Aku tidak masalah kalaupun harus dikira sebagai Kristina, jika itu mampu membuat Opa Josh membaik. Lagipula, aku tidak setiap hari bersamanya dan hanya datang dua hari sekali untuk pemeriksaan rutin. Dan selama seminggu pertama ini, meskipun para perawat selalu menyebutnya sebagai biang masalah tapi aku belum pernah sama sekali punya pengalaman buruk dengannya. Sebab setiap kali kami bertemu, kondisinya selalu dalam keadaan stabil. Malah dia memberiku rangkaian bunga kering yang dibuatnya sendiri. Meskipun pemberian itu sebenarnya bukan untuk Maya, melainkan Kristina.
"Bagaimana, Kristina? Kamu suka kan?" Matanya berbinar-binar saat memberikan benda itu padaku.
Itu adalah bunga mawar kering yang dirangkai sedemikian rupa hingga membentuk sebuah jepit rambut cantik. Belum pernah aku mendapatkan yang seperti ini sebelumnya, maksudku ..., lihatlah! Di usia dan kondisinya sekarang, Opa Josh ternyata masih punya kemampuan berkarya dengan sangat baik. Dan sepertinya, menggali kembali kreativitas akan bisa memulihkan mentalnya.
"Terima kasih, Opa. Ini bagus sekali," jawabku.
Bu Anggi yang menemaniku siang itu hanya bisa menatap dengan senyuman lebar. Aku tahu persis betapa susahnya beliau saat ini, sebab di antara para perawat lainnya tidak ada yang mau mengurus Opa Josh. Mereka benar-benar melemparkan semua tanggung jawab pria tua ini ke Bu Anggi. Tega sekali mereka.
"Kalian keterlaluan," kataku saat jam makan siang di kantin pegawai. "Kasihan lho Bu Anggi, beliau sampai nggak bisa ikut makan siang bareng kita."
Devara yang duduk di sebelahku menusukkan garpu ke papaya kupas di piring makan siangnya. Dia sungguh masih belum selesai dengan diet ketatnya. "Ya mau gimana lagi, Mbak May? Kami nggak tahan. Kemarin saja aku diludahi."
"Diludahi?"
Semua mengangguk kompak.
Kak Ayu yang duduk di sebelah Dokter Arumi menyahut, "Itu belum seberapa di banding yang dia lakukan ke Bu Juwar."

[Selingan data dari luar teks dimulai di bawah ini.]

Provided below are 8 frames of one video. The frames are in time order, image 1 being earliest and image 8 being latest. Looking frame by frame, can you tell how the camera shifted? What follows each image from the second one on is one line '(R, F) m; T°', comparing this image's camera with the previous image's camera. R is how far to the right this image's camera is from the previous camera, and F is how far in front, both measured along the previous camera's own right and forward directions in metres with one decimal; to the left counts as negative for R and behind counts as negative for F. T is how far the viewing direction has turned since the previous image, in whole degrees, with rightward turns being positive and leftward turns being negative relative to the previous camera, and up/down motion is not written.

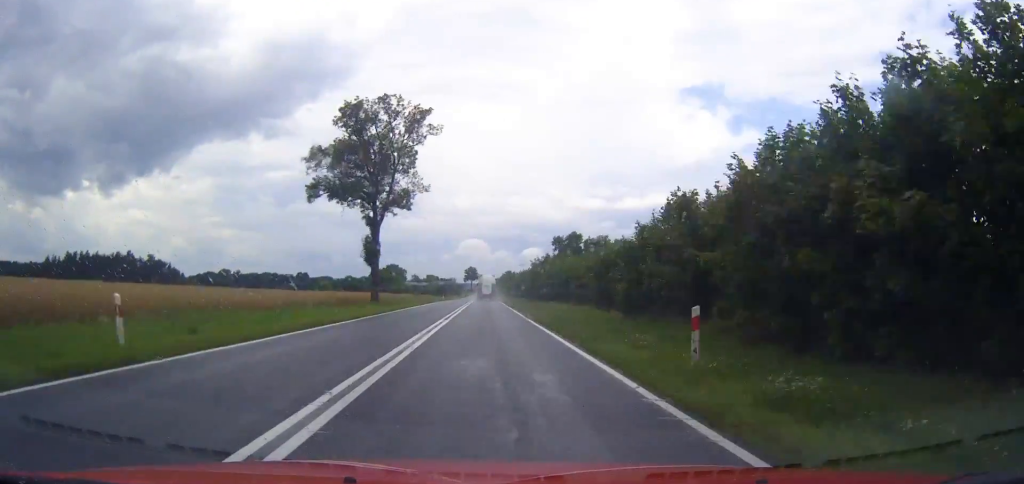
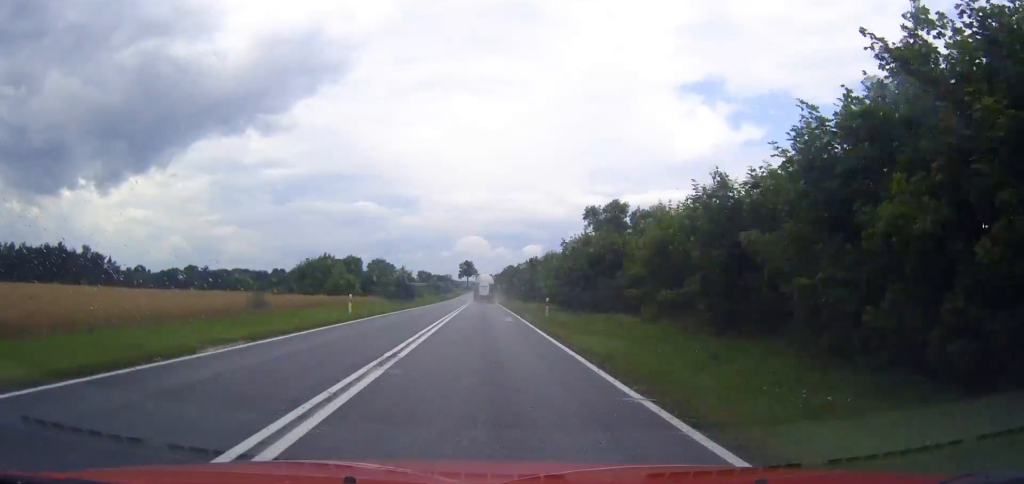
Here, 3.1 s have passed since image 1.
(+0.1, +75.9) m; 0°
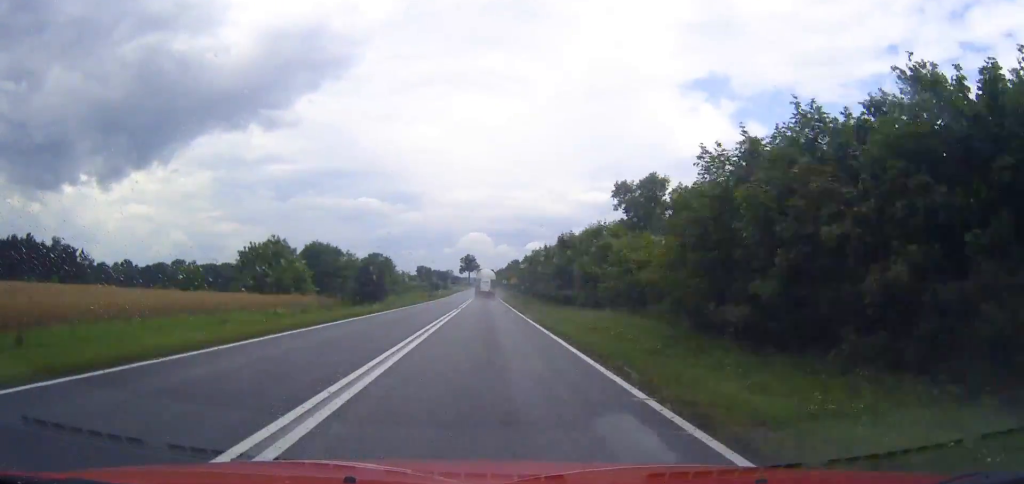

"Memang Ibu diapakan?" tanyaku pada perempuan paruh baya yang sedang makan rawon pedas dengan muka letih itu.
"Dia dijambak sampai rambutnya rontok waktu lagi mandiin," ungkap Tantri.
"Hah? Serius?"
"Ya serius lah, Maya!" Bu Juwar melepaskan kerudungnya, memperlihatkan pitak yang tersisa di kepalanya. "Aku benar-benar nggak sanggup megang dia. Seumur-umur kerja di panti ini, dari sejak baru buka sampai sekarang ..., baru sekarang dapat pasien separah ini. Ya, aku tahu kalau ngurus orang tua memang sulit tapi ini beda. Ibaratnya, semua tantangan bertahun-tahunku dikumpulkan jadi satu pun tetap nggak bakal bisa menyaingi kesulitan ngurus dia."
"Terus, gimana?" Dokter Arumi bertanya dengan serius.
Para perawat saling pandang, lalu menghela napas panjang bersamaan.
"Kami akan bikin aduan ke Dokter Wahyu," ujar Tantri. "Kalau begini terus, kami bisa gila."
"Lagian, kasihan ke Oma dan Opa lainnya. Kemarin saja, waktu aku bawa ke ruang santai ..., dia nyaris mau berantem sama Opa Ferry." Mas Dono, perawat lainnya datang sambil membawa piring berisi agar-agar dari dalam kulkas. "Untungnya ada Mas Galang yang bantuin aku memisahkan mereka."
Opa Ferry adalah pasien lama kami. Beliau merupakan mantan anggota mariner dan tinggal di sini berdua dengan istrinya. Beliau sangat ramah serta bersahabat dengan Opa Hadi. Tak bisa kubayangkan kalau beliau berkelahi dengan Opa Josh, sudah pasti Opa Ferry akan membuanya babak belur dalam sekali tonjok. Karena meskipun sudah delapan puluh lima tahun, tetapi tubuh Opa Ferry masih sangat bugar. Beliau bahkan aktif berolahraga tiga kali seminggu.
KAMU SEDANG MEMBACA
Sebuah Usaha Maya {TAMAT/Revisi}
ChickLitBukannya tak mau menikah, Maya hanya takut bernasib sama dengan kedua orang tuanya. Dia melihat bagaimana perbedaan status ekonomi membuat ayah dan ibunya membangun keharmonisan semu, bagaimana salah satu dari mereka perlahan menjadi monster mengeri...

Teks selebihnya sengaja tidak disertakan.